Jack Fargo, wearing a blue polo shirt a size too small, sits front and center at a desk in his dad’s insurance office in Plainfield, Illinois with a box of Wheaties featuring Jack on the desk. His father Ralph Fargo, stands behind his son, along with Jack’s wife Wendy who is holding their pride and joy baby boy Larry rocking him lovingly. Behind the camera is his mom WGN weather woman Patty Fargo who gives a quick 3-2-1 count down before hitting record and running in front of the camera to stand next to her husband.
JackFargo: Hello Fargo Fan’s it’s time for another live family blog. My father is standing by the fax machine where Classic Wrestling will be faxing over a profile of my next televised match up where I will be facing Dr. Devastation!
MamaFargo: OHHHHH a doctor!! I wonder if his doctrine is in education or medical or what?
The bronze winning Olympian smiles a toothpaste ad grin as he looks back lovingly at his parents.
JackFargo: Well no matter what his educational endeavors are, I’m honored to step in the ring with a fellow academic. You know what I mean? Unlike the farcical conclusion of my first wrestling exhibition I’m sure ours will be built upon honor and mutual respect. Doctor let’s give fans of wrestling a masters class in excellence that both our families can be proud of.
The fax machine starts printing off a sheet of paper next to the desk.
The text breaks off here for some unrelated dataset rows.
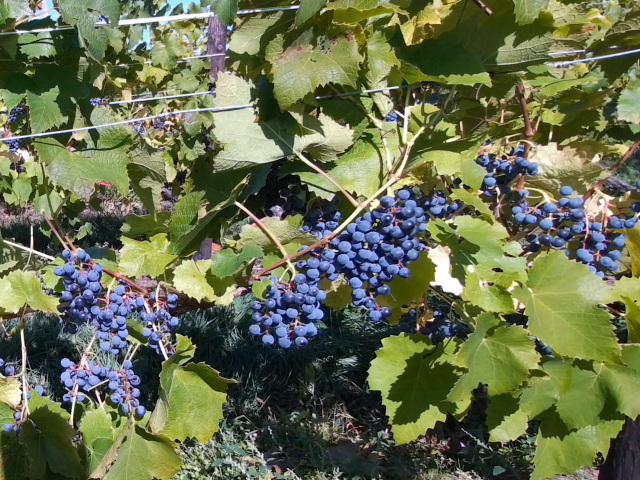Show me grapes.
<instances>
[{"label":"grapes","mask_w":640,"mask_h":480,"mask_svg":"<svg viewBox=\"0 0 640 480\" xmlns=\"http://www.w3.org/2000/svg\"><path fill=\"white\" fill-rule=\"evenodd\" d=\"M60 365L65 370L60 374V379L63 381L62 387L64 389H71L74 386V381L79 387H82L84 391L90 390L94 385L101 382V378L109 380L107 388L112 390L110 394V402L112 404H120L121 409L125 414L130 412L128 404L125 402L126 391L122 387L124 381L119 379L117 372H112V369L108 366H100L92 361L87 363L88 369L91 371L88 373L84 368L75 370V363L68 357H62L60 359Z\"/></svg>","instance_id":"84f90ec7"},{"label":"grapes","mask_w":640,"mask_h":480,"mask_svg":"<svg viewBox=\"0 0 640 480\" xmlns=\"http://www.w3.org/2000/svg\"><path fill=\"white\" fill-rule=\"evenodd\" d=\"M589 239L594 243V249L601 251L598 253L599 265L603 268H607L609 271H617L618 263L616 260L622 258V253L619 249L609 250L610 244L605 243L607 241V235L601 233L603 224L601 222L591 223L588 222Z\"/></svg>","instance_id":"83cd7487"},{"label":"grapes","mask_w":640,"mask_h":480,"mask_svg":"<svg viewBox=\"0 0 640 480\" xmlns=\"http://www.w3.org/2000/svg\"><path fill=\"white\" fill-rule=\"evenodd\" d=\"M460 329L459 323H454L453 325H441L437 327L436 335H443L444 337H451L458 333Z\"/></svg>","instance_id":"91a60905"},{"label":"grapes","mask_w":640,"mask_h":480,"mask_svg":"<svg viewBox=\"0 0 640 480\" xmlns=\"http://www.w3.org/2000/svg\"><path fill=\"white\" fill-rule=\"evenodd\" d=\"M13 428L16 434H20L22 432L21 426L19 424H16L15 426L10 422H5L3 424V431L5 433H10L13 430Z\"/></svg>","instance_id":"dcf779d0"},{"label":"grapes","mask_w":640,"mask_h":480,"mask_svg":"<svg viewBox=\"0 0 640 480\" xmlns=\"http://www.w3.org/2000/svg\"><path fill=\"white\" fill-rule=\"evenodd\" d=\"M142 335L146 338H150V347L155 350L158 355H162L163 351L159 348L158 341L160 340V333L153 331L152 328H144Z\"/></svg>","instance_id":"54f908b8"},{"label":"grapes","mask_w":640,"mask_h":480,"mask_svg":"<svg viewBox=\"0 0 640 480\" xmlns=\"http://www.w3.org/2000/svg\"><path fill=\"white\" fill-rule=\"evenodd\" d=\"M62 256L67 261L63 266H55L53 273L64 279L62 299L69 302L67 314L71 318H78L79 320L90 321L92 319V326L101 328V330L95 332V337L98 340L108 339L109 330L118 331L112 338V348L110 340L101 343L103 351L110 350L112 355H118L120 349L127 346V341L122 340L128 336V329L126 328L127 313L137 311L142 322H156L157 319L165 321L166 324H162L159 330L167 333H170L172 328H177L181 323L179 317L172 316L168 312L169 309L175 310L177 308V302L180 301L177 293H168L166 295V306L158 307L156 313H147L144 297H135L130 294L126 299V303L123 302L122 296L125 294V289L128 288V283L120 279H118L120 285L116 286L114 293L109 296V307L102 311L100 306L96 304L98 302L96 294L102 291L101 283L98 280L103 272V266L100 263H95L91 266V269L80 274V271L75 268V255L69 249H64ZM80 286L84 288L82 290L83 294L73 297L72 292H77Z\"/></svg>","instance_id":"b958b902"},{"label":"grapes","mask_w":640,"mask_h":480,"mask_svg":"<svg viewBox=\"0 0 640 480\" xmlns=\"http://www.w3.org/2000/svg\"><path fill=\"white\" fill-rule=\"evenodd\" d=\"M140 395L141 389L139 387H135L131 391L129 400L131 402V406L135 408V414L139 417H143L146 414V408L142 404H140V401L137 399Z\"/></svg>","instance_id":"ef6de9ee"},{"label":"grapes","mask_w":640,"mask_h":480,"mask_svg":"<svg viewBox=\"0 0 640 480\" xmlns=\"http://www.w3.org/2000/svg\"><path fill=\"white\" fill-rule=\"evenodd\" d=\"M584 204L582 197H574L573 199L561 198L556 203H544L542 207H538L535 213H527L529 203L527 201H518L517 206L511 208V214L514 215L515 223L525 222L532 224L538 222L541 230H548L553 227H559L556 235L558 238L548 235L527 234L525 240L528 243V250L537 253L541 250V243L544 246H552L554 248L564 247L566 243L573 240V234H582L586 223L585 210L579 208Z\"/></svg>","instance_id":"0513c4c2"},{"label":"grapes","mask_w":640,"mask_h":480,"mask_svg":"<svg viewBox=\"0 0 640 480\" xmlns=\"http://www.w3.org/2000/svg\"><path fill=\"white\" fill-rule=\"evenodd\" d=\"M340 201L338 195L329 202L322 203L321 209L316 208L310 211V221H303L300 229L311 233L317 239H322L333 232L338 227V221L342 218V211L336 210V203Z\"/></svg>","instance_id":"5460f4e3"},{"label":"grapes","mask_w":640,"mask_h":480,"mask_svg":"<svg viewBox=\"0 0 640 480\" xmlns=\"http://www.w3.org/2000/svg\"><path fill=\"white\" fill-rule=\"evenodd\" d=\"M525 148V144H520L518 148H515L512 151L513 156H518L514 159V165L507 159L492 160V158L487 154L476 157V163L479 166L484 167L487 172L483 177V183L486 187L484 189V195L486 197L494 195V191L489 188L494 185L501 186L500 192L504 195H509L510 187L505 185L511 182L512 179L516 178L519 173L526 174L528 172L530 175H537L539 173V164L529 162L524 157Z\"/></svg>","instance_id":"f8a65327"},{"label":"grapes","mask_w":640,"mask_h":480,"mask_svg":"<svg viewBox=\"0 0 640 480\" xmlns=\"http://www.w3.org/2000/svg\"><path fill=\"white\" fill-rule=\"evenodd\" d=\"M397 197L403 200V205L395 212V215L387 208L396 204V199L388 194L380 197V205L383 208L373 212H364L362 217L354 220L346 226V231L339 232L331 241L329 248L315 247L304 253V256L318 253L317 257H310L308 261L297 260L295 267L306 270L305 275L298 273L294 277L295 292H289L288 285L279 282V277H269L270 284L266 287V299L264 306L274 309L270 316H263L260 310L263 308L261 301H253L251 308L252 321L258 324L249 326L251 335H261L263 327L275 325L273 334L278 338V345L282 349H290L292 340L290 330L286 324L293 323L299 316L296 307L288 304H302L300 321L304 325H296L294 339L296 348H306L308 339L305 337L316 336L318 327L314 321H320L325 317V312L320 308V301L326 299V292L319 289L321 282L320 272H325L327 281L338 279V270L344 274V279L353 289L351 292L352 304L355 307H365L367 317L372 321H380L382 317H389L391 309L388 306L375 308V300L367 296V291L361 289L364 281L376 288L378 295H388L390 287L384 283H390L394 276L408 279L411 270L407 267L410 261H418L420 252L427 248L425 241H419L416 237L419 232H424L427 226L425 208H429L431 215H440L443 212L458 211L461 204L451 202L447 204L445 191L436 189L431 197L421 199V205L411 195L409 188H400ZM272 334H264L261 343L264 346H273L275 338Z\"/></svg>","instance_id":"01657485"},{"label":"grapes","mask_w":640,"mask_h":480,"mask_svg":"<svg viewBox=\"0 0 640 480\" xmlns=\"http://www.w3.org/2000/svg\"><path fill=\"white\" fill-rule=\"evenodd\" d=\"M575 257L583 261L589 271H593L596 276L604 278L606 276L605 271H598V267L593 263L594 255L591 253V249L588 247H577L575 250Z\"/></svg>","instance_id":"e5b3c951"},{"label":"grapes","mask_w":640,"mask_h":480,"mask_svg":"<svg viewBox=\"0 0 640 480\" xmlns=\"http://www.w3.org/2000/svg\"><path fill=\"white\" fill-rule=\"evenodd\" d=\"M123 367L126 369L124 371V378L131 386H139L141 384V378L137 375H134L133 363L131 361L124 360L122 362Z\"/></svg>","instance_id":"1ff8f66d"},{"label":"grapes","mask_w":640,"mask_h":480,"mask_svg":"<svg viewBox=\"0 0 640 480\" xmlns=\"http://www.w3.org/2000/svg\"><path fill=\"white\" fill-rule=\"evenodd\" d=\"M607 223L609 229H632L638 223V218L635 215H630L623 219L613 214L611 218L607 220Z\"/></svg>","instance_id":"2adb6a1f"}]
</instances>
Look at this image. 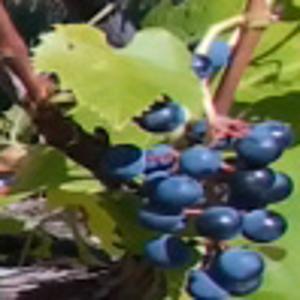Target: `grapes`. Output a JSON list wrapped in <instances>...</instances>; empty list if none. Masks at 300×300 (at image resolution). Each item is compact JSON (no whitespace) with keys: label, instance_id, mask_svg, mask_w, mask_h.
Here are the masks:
<instances>
[{"label":"grapes","instance_id":"1","mask_svg":"<svg viewBox=\"0 0 300 300\" xmlns=\"http://www.w3.org/2000/svg\"><path fill=\"white\" fill-rule=\"evenodd\" d=\"M284 120L247 122L205 116L187 131L176 152L167 140L153 148L131 144L104 149L99 174L112 183L143 175L136 213L149 262L161 272L188 276L191 300H232L251 294L269 274L266 255L246 250L287 233L288 221L268 210L290 196L294 179L269 164L293 144Z\"/></svg>","mask_w":300,"mask_h":300},{"label":"grapes","instance_id":"2","mask_svg":"<svg viewBox=\"0 0 300 300\" xmlns=\"http://www.w3.org/2000/svg\"><path fill=\"white\" fill-rule=\"evenodd\" d=\"M185 122V111L172 99L152 104L136 119L138 128L156 135L175 133L183 128Z\"/></svg>","mask_w":300,"mask_h":300},{"label":"grapes","instance_id":"3","mask_svg":"<svg viewBox=\"0 0 300 300\" xmlns=\"http://www.w3.org/2000/svg\"><path fill=\"white\" fill-rule=\"evenodd\" d=\"M190 62L193 73L200 79H207L232 64V47L225 41H213L205 54H192Z\"/></svg>","mask_w":300,"mask_h":300}]
</instances>
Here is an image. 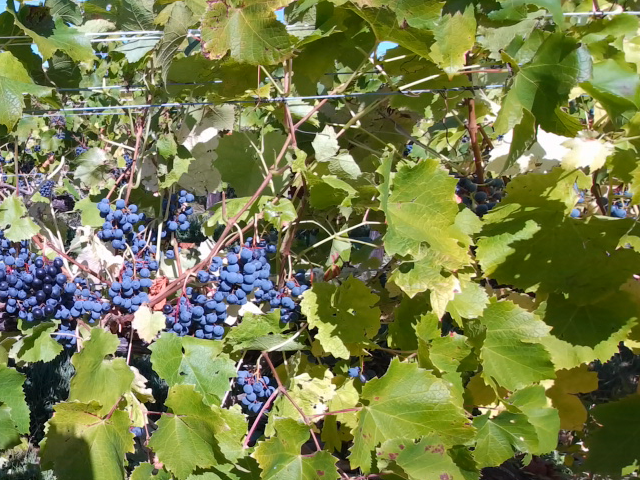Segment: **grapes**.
<instances>
[{
    "label": "grapes",
    "instance_id": "1",
    "mask_svg": "<svg viewBox=\"0 0 640 480\" xmlns=\"http://www.w3.org/2000/svg\"><path fill=\"white\" fill-rule=\"evenodd\" d=\"M20 252L17 258V249L11 247V241L4 238L0 231V303L5 304L7 313H15L26 322L40 321L42 318L53 317L63 319L60 322L56 341L66 340L68 343L64 347L71 349L76 345L78 336L71 328L70 318H79L81 315L91 313L88 316V323H95L101 315H107L112 309V304L128 309L129 313L137 312L142 303H150V295L144 292V288H152L153 281L150 279L151 272L160 269V262L152 259L155 253V246L151 245L143 251V258L134 259L135 268L138 271V278L133 276L134 263L125 260L124 270L121 274V282H113L107 289V294L112 298L110 301L100 302L102 293L94 291L91 295L92 283H88L87 278L75 277L67 282V276L62 273L64 260L61 257H53L51 264L45 265L42 257H37L36 253H30L26 248L28 240H20ZM27 263L28 271L11 269L9 272L6 266L13 265L16 268H24Z\"/></svg>",
    "mask_w": 640,
    "mask_h": 480
},
{
    "label": "grapes",
    "instance_id": "2",
    "mask_svg": "<svg viewBox=\"0 0 640 480\" xmlns=\"http://www.w3.org/2000/svg\"><path fill=\"white\" fill-rule=\"evenodd\" d=\"M253 238L248 236L242 246L236 245L227 253L226 264L219 256H213L209 270H201L197 275V281L206 284L210 281L217 282V291L212 299L206 294L194 292L192 286L185 288L178 306V316L172 315L175 306L164 305L163 315L166 322L172 328H165L167 333H175L178 337L186 336L189 327L195 323L194 336L199 340L221 341L224 338L225 328L220 324L228 316L227 305L244 306L248 303V298L253 289L258 287L254 293L255 303L260 305L263 301L268 302L269 312L280 308V322L282 324L294 323L301 315L300 306L294 303L296 299L311 287V282L305 279V271L299 269L296 272V279L299 287L293 281H287L285 287L292 291L291 297L285 296L286 291H277L275 283L270 280L272 277L273 265L269 263L268 254H276L278 246L268 245L266 240H261L256 247H252Z\"/></svg>",
    "mask_w": 640,
    "mask_h": 480
},
{
    "label": "grapes",
    "instance_id": "3",
    "mask_svg": "<svg viewBox=\"0 0 640 480\" xmlns=\"http://www.w3.org/2000/svg\"><path fill=\"white\" fill-rule=\"evenodd\" d=\"M97 209L100 211L99 216L105 219L98 231L99 239L112 241V247L116 250H126V243L132 242L131 250L134 254H138L147 245V241L137 238V233L133 231V225L147 219L145 213H139L140 206L137 203H130L126 207L124 199H117L113 210L109 199L101 198Z\"/></svg>",
    "mask_w": 640,
    "mask_h": 480
},
{
    "label": "grapes",
    "instance_id": "4",
    "mask_svg": "<svg viewBox=\"0 0 640 480\" xmlns=\"http://www.w3.org/2000/svg\"><path fill=\"white\" fill-rule=\"evenodd\" d=\"M253 373L247 370H239L236 377V384L242 388V392L246 395L241 399V403L247 406L248 411L259 413L264 406V402H257L258 397H270L275 392V386L271 385V379L268 376H261L260 380L254 377L251 385L245 378H251Z\"/></svg>",
    "mask_w": 640,
    "mask_h": 480
},
{
    "label": "grapes",
    "instance_id": "5",
    "mask_svg": "<svg viewBox=\"0 0 640 480\" xmlns=\"http://www.w3.org/2000/svg\"><path fill=\"white\" fill-rule=\"evenodd\" d=\"M194 214V208L192 206H186L184 211H181L178 215H172L166 220V226L162 229V238H166L168 231L174 232L178 229L180 231L188 232L191 228V222L187 220V216Z\"/></svg>",
    "mask_w": 640,
    "mask_h": 480
},
{
    "label": "grapes",
    "instance_id": "6",
    "mask_svg": "<svg viewBox=\"0 0 640 480\" xmlns=\"http://www.w3.org/2000/svg\"><path fill=\"white\" fill-rule=\"evenodd\" d=\"M622 207L623 204L621 202H617L616 205L612 204L610 217L625 219L628 216V211L626 209H623Z\"/></svg>",
    "mask_w": 640,
    "mask_h": 480
},
{
    "label": "grapes",
    "instance_id": "7",
    "mask_svg": "<svg viewBox=\"0 0 640 480\" xmlns=\"http://www.w3.org/2000/svg\"><path fill=\"white\" fill-rule=\"evenodd\" d=\"M178 202H177V207L181 208L183 204L185 203H194L195 202V196L192 193H187L186 189H180L178 191Z\"/></svg>",
    "mask_w": 640,
    "mask_h": 480
},
{
    "label": "grapes",
    "instance_id": "8",
    "mask_svg": "<svg viewBox=\"0 0 640 480\" xmlns=\"http://www.w3.org/2000/svg\"><path fill=\"white\" fill-rule=\"evenodd\" d=\"M361 371V367L360 366H355V367H350L347 371V376L349 378H357L359 377V381L361 383H365L369 380V376L367 375L366 372H363L362 375L360 373Z\"/></svg>",
    "mask_w": 640,
    "mask_h": 480
}]
</instances>

JackFargo: Let’s see what we got here.
His father can’t help himself as he grabs the fax first with a big smile on his face. The smile fades faster than facebook decency the day after Christmas. His face turns white as a confederate ghost. He shakes his head “no” as he hands it to his son.
PapaFargo: This has to be some kinda gag. That’s not a human. Do they not have weight classes? Son, I want you to reconsider this profession. This is malpractice!
Jack looks down at the fax and reads the stats of 7-foot, and 410 pounds. He looks into the eerie eyes of Dr. Devastation.
PapaFargo: His parents are savages? The thyroid issue that causes gigantism was solved 40 darn years ago? This is neglect! Jack, please take over my business.
Jack’s glaze doesn’t break from the fax.
MamaFargo: Honey, I can talk to the manager at the station. Maybe we can get you to do sports on the news?
WendyFargo: Jack, lil’ Larry is scared. Please, I’m worried too, this is dangerous. Maybe we can pray on this?
Jack’s focus on the photo is deeper than the pope’s faith. His world is spinning in his mind. The pressures of youth, future, legacy.
PapaFargo: I’ll retire. Please don’t risk your life, for a silly dream.
*SLAM*
The fits slam into the desk as the Wheaties box goes flying.
JackFargo: ENOUGH. DAMN IT. SILLY DREAM? Why is it silly, because it’s my dream? Because it’s not insurance? Because it’s not fitting in some perfect mold of what a damn Fargo is supposed to be. I am a wrestler DAD.
Jack turns his fiery eyes from his fathers direction straight into the camera in front of him. The baby goes silent after crying loudly.
JackFargo: Doctor Devastation. You fight for God knows what. You bully with your size and intimidate with your appearance. You scare most men. Size alone has won you more times than you’ve lost in life. You never had to work for it. You’ve never had to train to be the best. To represent your country. To look into your wife’s eyes and see fear not just for your safety but for what the future is for our family.
Jack rubs his wife’s arm lovingly and kisses his son’s forehead.
JackFargo: You’ve never had to give it all for YOUR SILLY DREAMS. That’s why I’m going to choke you out and put you to sleep. Because I have trained. I have fought. I have strived to be the best and size isn’t everything but a man’s dreams are. Doc, most of all I’m going to put you to sleep because I’m never going to be A GOD DAMN INSURANCE SALESMAN.
Jack slams his fists into the desk again as his son cries and his father just stares blankly in absolute shock. Jack gets up and storms off.
MamaFargo: JACK?
Mama hits the stop button on the camera as she chases after him.